4 Aralık 2016 Pazar

EN UZAĞINDAN UNUTUŞUN / Modern Mesnevi / Patrick MODİANO


Gezgin kitap satıcısı bir genç, - romanda adı yok, yazar bu gezgin satıcının kendisi olduğuna bizi inandırmak istiyor, anlatımın 1. Tekil kişi kipi olması da esere anı roman- yaşantı havası katıyor -  bir çiftle, geçimini kumar oynayarak kazanan Van Bever ve sürekli Mayorka’ya gitme hayalleri kuran Jacqueline ile tanışıyor. Çift, Van Bever ile Jacqueline, anlaşıldığı kadarıyla evli değil sadece birlikte yaşıyorlar. Van Bever, kumar oynamaya gittiği geceler Jacqueline, kahramanımızla yatıyor. Sevgilisinin kumar masasından tanıdığı Cartaud ile de yatıyor, hatta öyle anlaşılıyor ki Jacqueline başkalarıyla da yatıyor. Sadece beraber değil hep beraber yaşıyorlar. Bunların bazılarını Bever, biliyor hatta kahramanımıza “ben yokken sen kıza göz kulak olursun” bile diyor. Jacqueline, kendisi Cartaud ile yatarken kahramanımızı Cartaud’un oteline gönderiyor, adamın para dolu valizini çaldırtıyor. Burada, olayların polisiye roman türüne kayacağı endişesine kapıldım, ama korktuğum olmadı. Kahramanımızın hırsızlığı aşk ile yaptığı anlaşıldı.  Jacqueline, Bever’i bırakıp (Bever, daha sonraki olaylarda hiç rol almıyor, gözükmüyor) gezgin kitap satıcısı ile olayların geçtiği Paris’ten Londra’ya kaçıyorlar. Olayların merkezinde anlatıcı kahraman ile Jacqueline  var, diğer kişiler onların hayatlarına girdikleri kadar göz önünde. Yıllar geçiyor herkes ve her şey unutuluyor ama Jacquline ve onunla yaşanılanlar unutulmuyor. Londra’daki  yaşamları da Paris’tekinden farksız.  Londra gençleri de hep beraber yaşama modasına tutulmuşlar. Burada, tanıştıkları birtakım kişilerle, Linda (Jacqueline’in İngiliz versiyonu, esmer bir kız), Peter Rachman (Linda’nın dostu ve patronu, emlak vurguncusu), Michael Savoundra(senarist, film yapımcısı), ile  ilişkileri de ayıplı çıkarlar üzerine… Kişilerin aileleri yaşamlarında rol almıyor, onlardan hiç söz edilmiyor. “Annemle babamın yüzlerini neredeyse unuttum.” ( s.17)  Bir yerde de o büyük şehirlerde, Paris’te, Londra’da nasıl yalnız kaldıklarını “Yazık, telefon edecek hiç kimsemiz yok” diye anlatıyor. Kahramanımız, Savoundra’nın yazdığı bir senaryoyu Fransızca yanlışlarını düzeltmek  amacıyla okuyor. Hikaye aynı, romandaki öykünün bir benzeri. Gezgin kitap satıcımız, böyle bir öyküyü kendisinin de yazabileceğine inanıyor ve yazar oluyor.
Fuzuli’nin
Dost bî-pervâ felek bî-rahm devrân bî-sükûn,
Derd çok hem-derd yok düşman kavî tâli' zebûn
.
(Dost umursamaz, felek acımasız, dünya karışık. Dert çok, dert ortağı yok, düşman güçlü, talihim ise âciz.)

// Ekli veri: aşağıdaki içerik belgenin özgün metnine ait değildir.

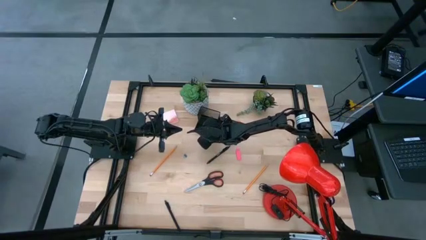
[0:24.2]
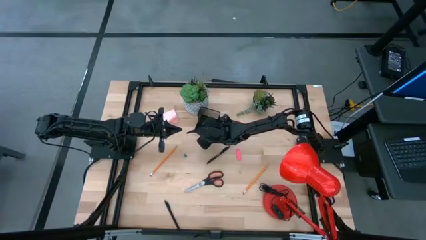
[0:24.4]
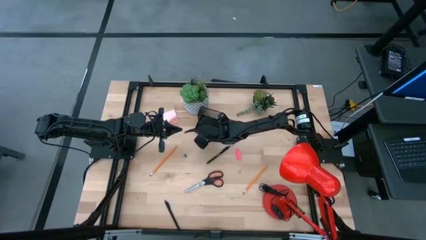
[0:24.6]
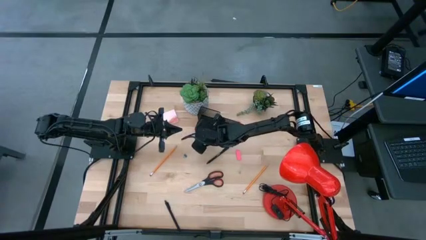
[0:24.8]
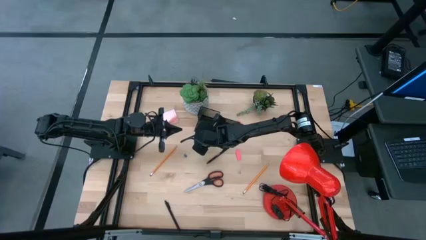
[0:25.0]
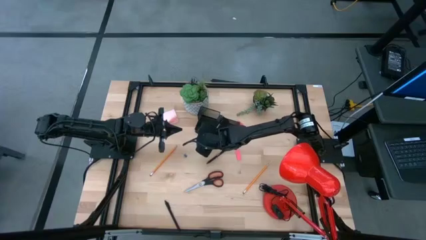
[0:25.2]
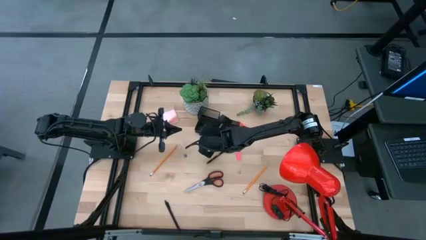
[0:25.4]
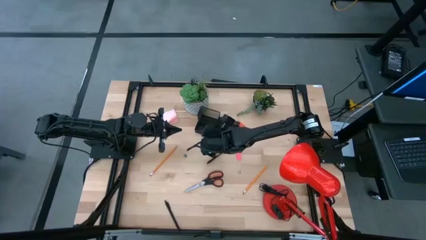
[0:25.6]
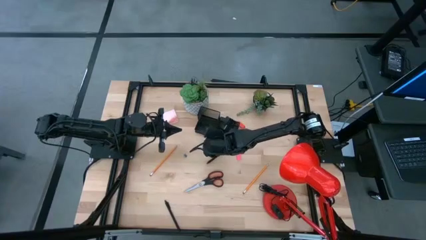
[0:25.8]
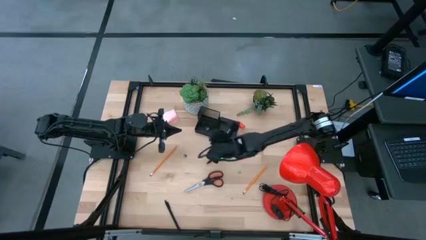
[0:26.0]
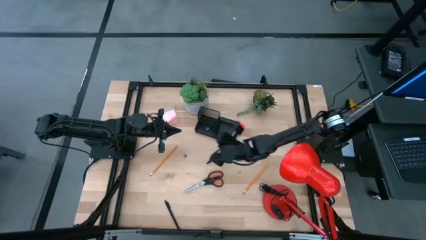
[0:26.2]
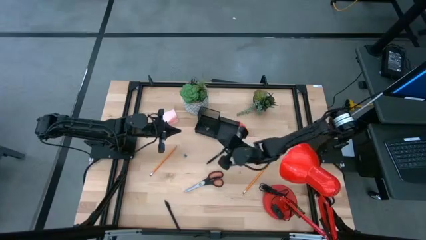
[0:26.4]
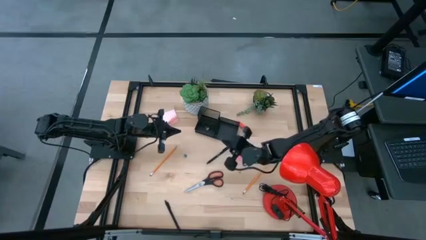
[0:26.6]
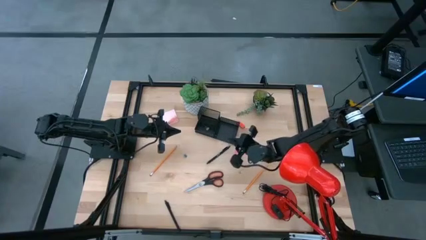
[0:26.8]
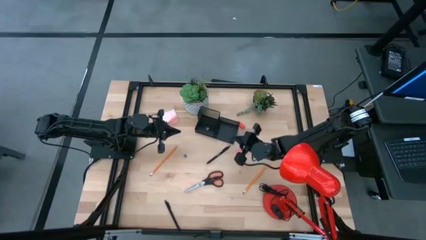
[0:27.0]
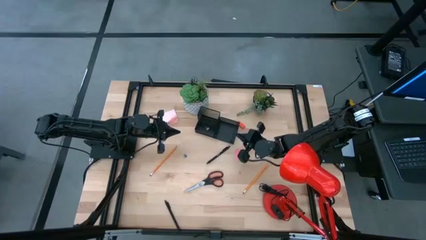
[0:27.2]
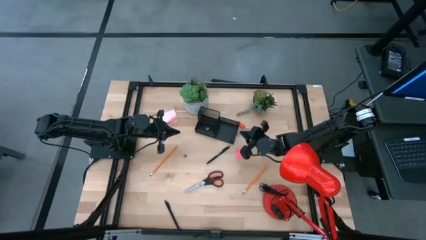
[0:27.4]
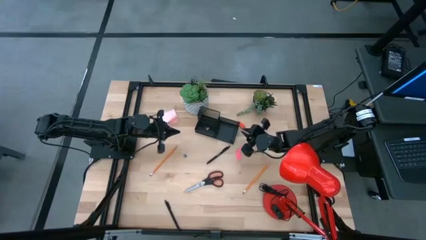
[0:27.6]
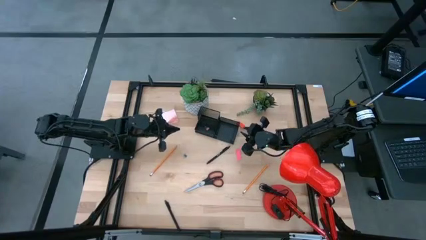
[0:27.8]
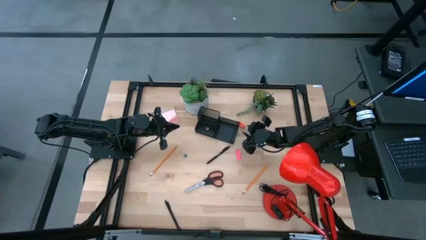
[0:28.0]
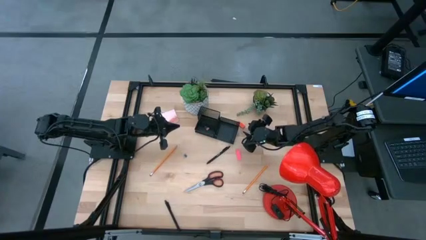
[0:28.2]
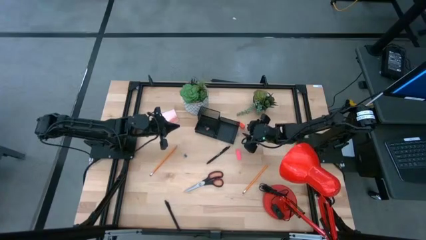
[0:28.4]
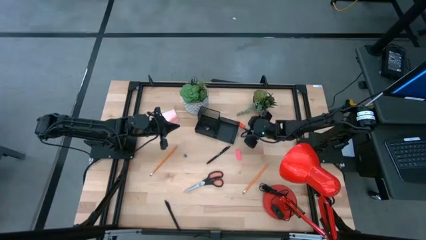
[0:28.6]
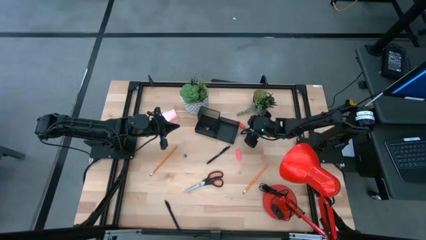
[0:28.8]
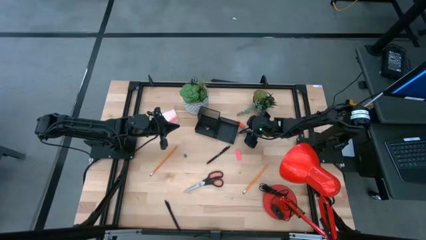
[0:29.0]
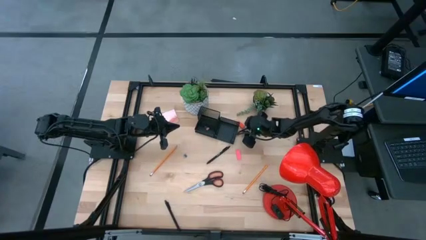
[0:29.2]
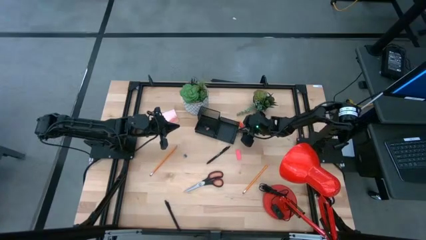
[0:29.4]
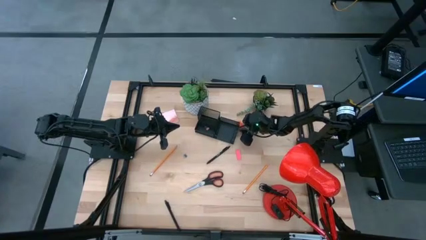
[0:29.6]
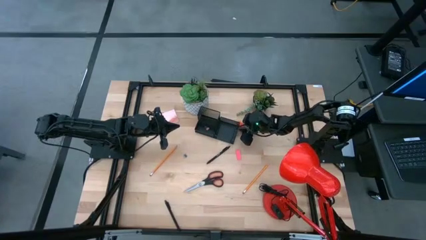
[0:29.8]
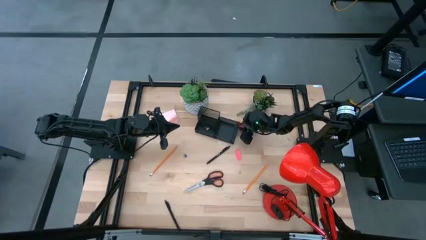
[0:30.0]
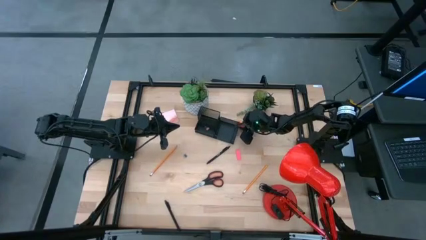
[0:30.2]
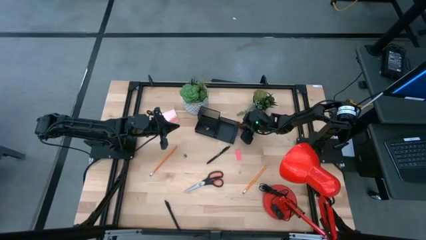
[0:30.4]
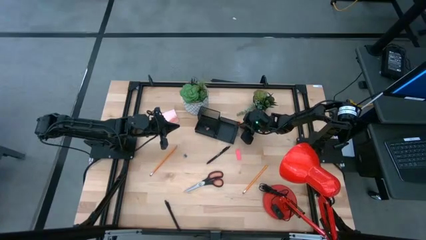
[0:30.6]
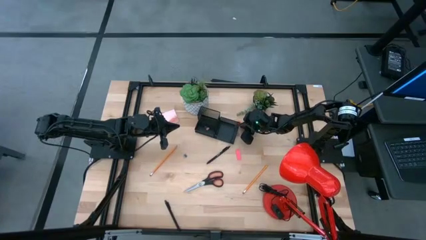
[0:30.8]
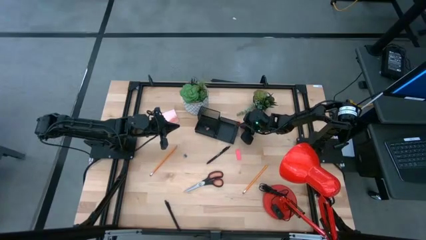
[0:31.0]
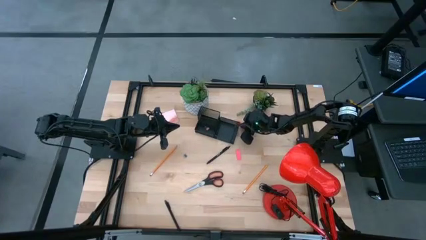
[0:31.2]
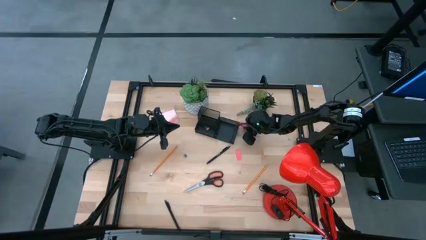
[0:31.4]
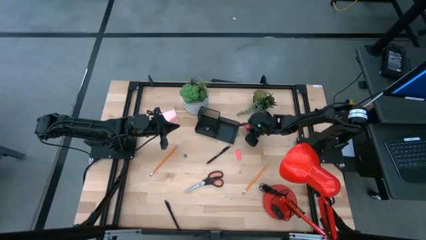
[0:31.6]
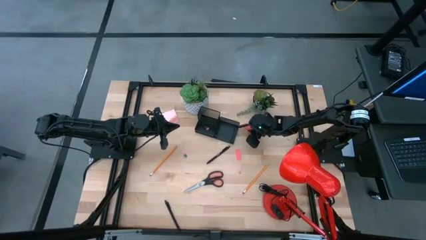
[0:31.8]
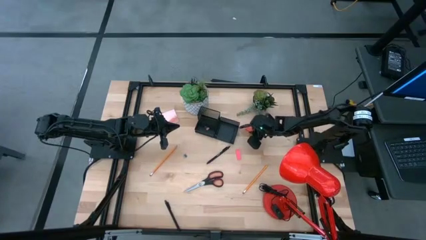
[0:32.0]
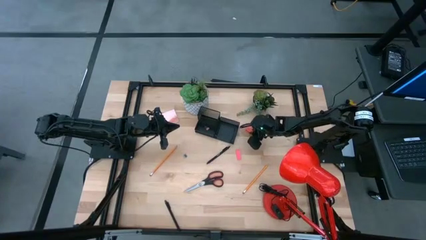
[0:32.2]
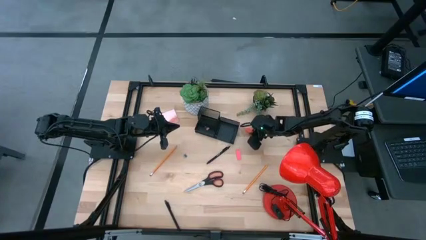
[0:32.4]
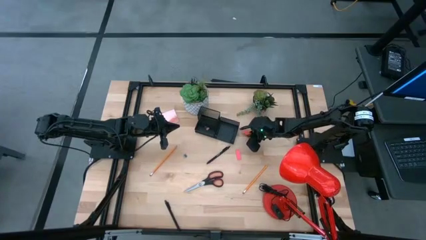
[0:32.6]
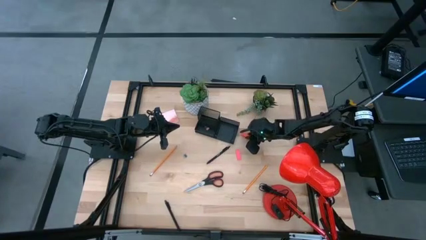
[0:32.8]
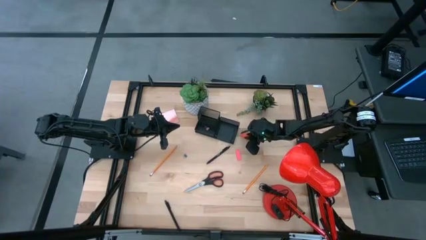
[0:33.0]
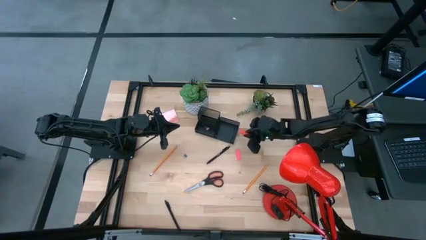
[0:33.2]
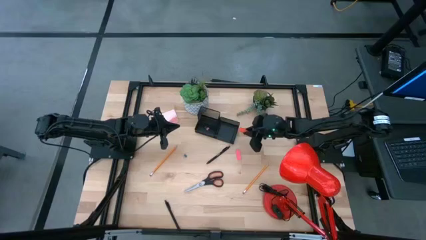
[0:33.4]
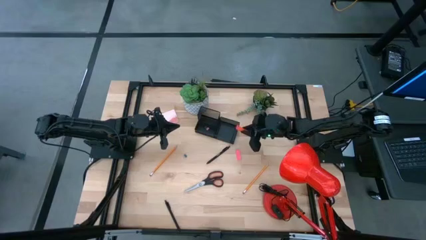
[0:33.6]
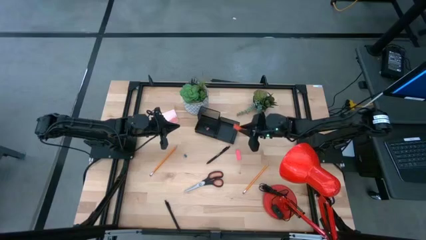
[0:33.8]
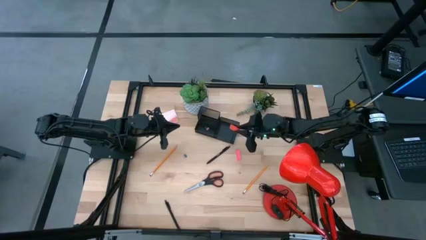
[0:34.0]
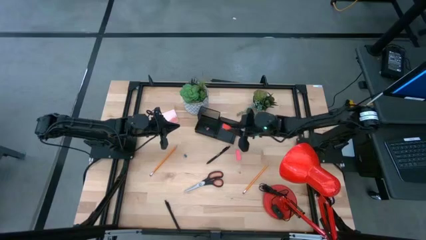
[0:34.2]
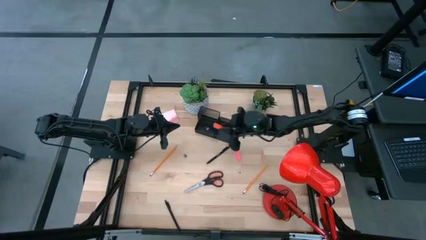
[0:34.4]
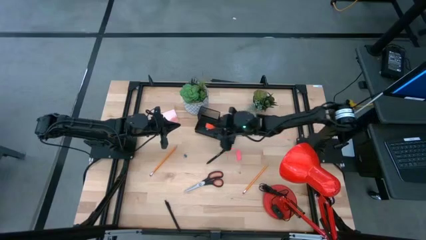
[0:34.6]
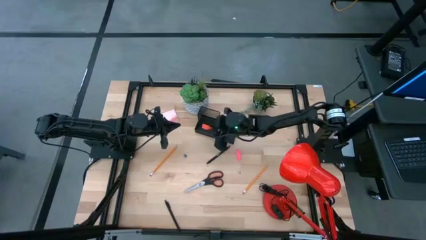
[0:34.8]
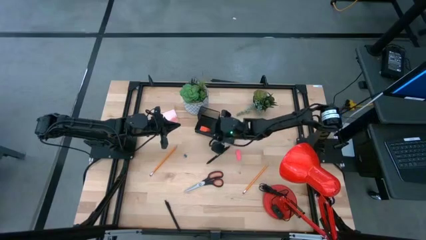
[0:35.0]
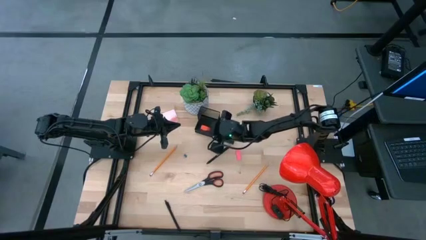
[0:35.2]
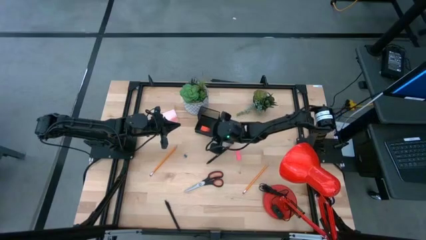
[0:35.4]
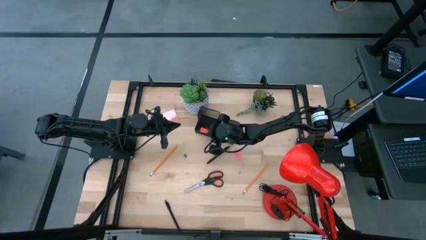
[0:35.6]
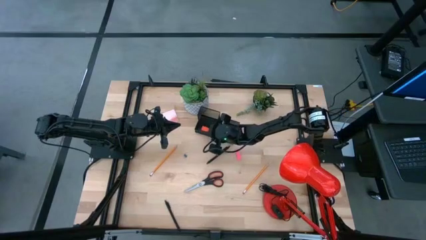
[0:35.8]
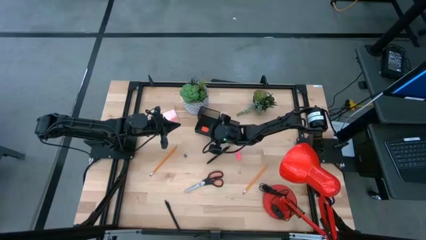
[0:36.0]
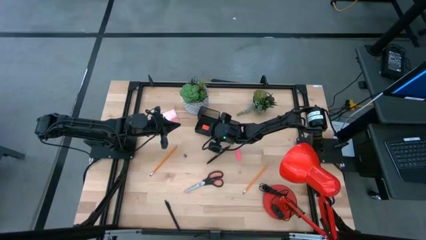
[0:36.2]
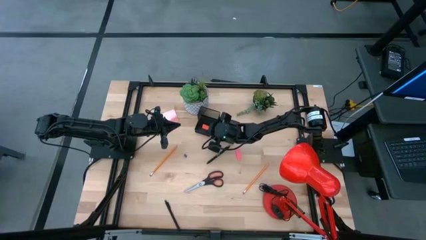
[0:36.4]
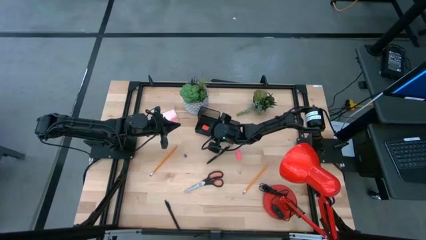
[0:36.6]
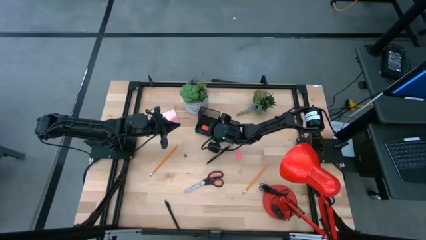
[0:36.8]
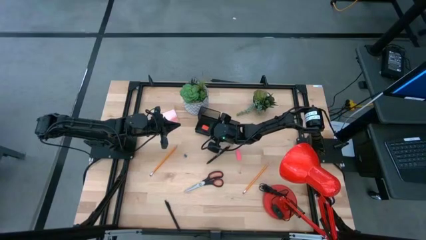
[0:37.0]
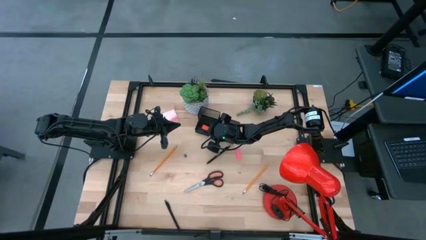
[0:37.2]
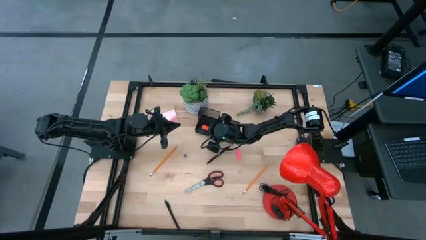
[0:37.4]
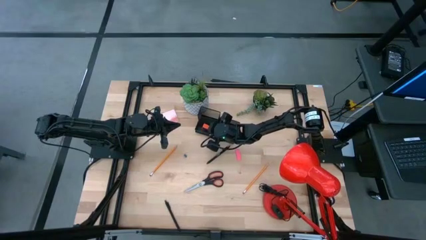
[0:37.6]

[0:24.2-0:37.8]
Task: Pick and place office supplies into organizer
Put the orange eraser into the black desk organizer

beytinde dediği gibi kalabalıklar içinde yalnızlığa itilmiş büyük kent insanının yaşayışını şiirli bir dille anlatıyor Modiano: 
“İş çok… Dert çok… Hem de hep aynı şey…” (s.101)
“Ama daha yeni başka anıları ne denli bir araya getirirsem getireyim hepsi de yaşadığımdan iyice emin olamadığım eski bir yaşamın malıydı.” (s.112)
Evlerinde  aileleriyle değil de otellerde yaşayan Avrupalının yeni bohem yaşayışı anlatılıyor:
“Cartaud benden otelimin adresini sordu, Saint Jaques  Sokağı’ından  Saint Germain Bulvarı’na geldik.
“ Yanlış anlamıyorsam hepiniz otelde kalıyorsunuz?”
“Kısacası bohem yaşamı…” (s.39)
“Belki de bir alay ve suç ortaklığı havası bulmak istiyordu. Öyleyse beceriksizce yapıyordu bunu, gençlik karşısında çekingenleşen şu daha yaşlı insanlar gibi.
“Peki daha ne zamana kadar otellerde kalacaksınız?”
Bu aykırı yaşayışa rağmen Batı gençliğinin genel geçer popüler veya arabesk bir yaşayışın içinde battığını değil doğrudan geleneklerine bağlı sanat ve kültür temellerinin üzerinde ayakta durmakta olduğunu da anlıyoruz, bu belki bir öneri:  
“Dante Kafe”, “William Mc Givern (Roman yazan Amerikalı), “Quartier Latin” (Paris’te 60’lı yıllarda yazarların sanatçıların gittiği yerlerin bulunduğu bir meydan ve mahalle adı, bu isimde bir şarkı da var.)
“Üzerimde sürekli olarak sevdiğim bir roman bulundurmak bana güven veriyordu.” (s.35)
“Bugüne değin iyi anılarım yalnızca kaçış anılarıydı.”(s.61)
“Paris, o gece bir daha dönmemesiye bıraktığım bir kent gibi ıssızdı.” (s.65)
İkinci Dünya Savaşı sonrasında yıkılan Avrupa’nın insan ruhunu etkileyişini işlemekse maksadı yazarın, romanı, Londra’da, Jacquline’nin ilk kayboluşunda  bitirebilirdi. Ama aradan on beş sene geçiyor, yazarımız Paris’e dönüyor ve bir gün metroda Jacqueline’i görüyor ya da birini iyice ona benzetiyor, unutuşunu hatırlıyor. Kadını takip ediyor ama ulaşamıyor.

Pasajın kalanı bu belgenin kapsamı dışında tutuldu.